Tubes, Stores and People

Edgware Station and the Bakerloo Line.

Today I went down to Oxford Street to do a little exploring and shopping. I'm really excited that I basically have the tube system figured out. It isn’t nearly as complicated as the NYC station is to me. It's also a ton cleaner, and there aren't dodgy or homeless people on it. It makes busy days on tube when everyone is cramming onto the train before the doors close a lot easier when it’s evident that the people you are uncomfortably close to are clean, normal people.

I got off at the Marble Arch station and walked along Oxford Street for a bit. The buildings on either side of the road primarily sell clothing, and the entire area was very busy. Saturday is the big shopping day. I’d rather go during the evening on weeknights, but the vast majority of stores close at either 5 or 6 p.m. for some reason. It’s too bad, because I wake up kind of late, have classes until 5, and then everything is closed for the evening.

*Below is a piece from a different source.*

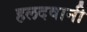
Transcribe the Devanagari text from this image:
हलदवानी
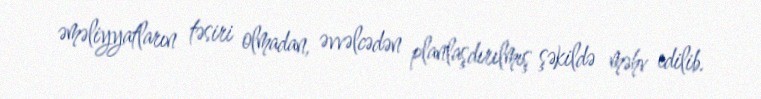
əməliyyatların təsiri olmadan, əvvəlcədən planlaşdırılmış şəkildə məhv edilib.

Primark is almost the Wal-Mart of the U.K., at least in terms of controversy. It sells clothing and some household items like bed sheets and curtains, and everything is suspiciously cheap. Of course, with my budget and the fact that the USD is horrible, it’s hard to resist. Primark sources its supply very cheaply and uses sub par materials for their products, I have read. It also ran into some trouble just earlier this summer when the BBC uncovered three garment manufacturing facilities in India subcontracted under Primark that were using child labor. Primark said it had no idea. It’s also gotten some publicity about poor workers’ rights.

Everything else on Oxford Street was too expensive for me. I also stopped into a bookstore and bought a few travel guides on the countries I’m thinking of visiting for fall break, France, Germany and Switzerland.

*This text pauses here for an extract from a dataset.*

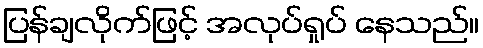
ပြန်ချလိုက်ဖြင့် အလုပ်ရှုပ် နေသည်။
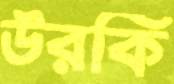
উরকি

The people in the flat below us had a note delivered to our flat, complaining about noise. But rather than the type of noise you’d think of somewhere like a house on Ackerman Ave. emanating, they referred only to a specific incident where someone in the house dropped a pair of shoes on the ground, and how they can also sometimes hear us treading down our corridor. They ended their note by suggesting we purchase softer shoes like slippers so as to help us quiet down.

None of us were particular happy about this, mostly because they’re being ridiculous. We’re all trying very hard to keep the noise down, conscious already about Americans having a reputation of being loud and obnoxious. I don’t know what their problem is.

Finding a Place to Live

Royston Graham of Graham Properties working in his office.

We found a relatively amazing place to live for the semester. At £130, or at about $233 per week, we will be living in a flat in Paddington called St. Mary's Mansion. If the fact that we live in a mansion wasn't cool enough, we also live on a street called St. Mary's Terrace. It's good to get out of the hotel, and it's a huge load of all our chests to have found a place, even though the price is a bit steep. Luckily, the price is within our per diem that SU is alloting, or rather returning to us. It's in a nice location by a section called Little Venice.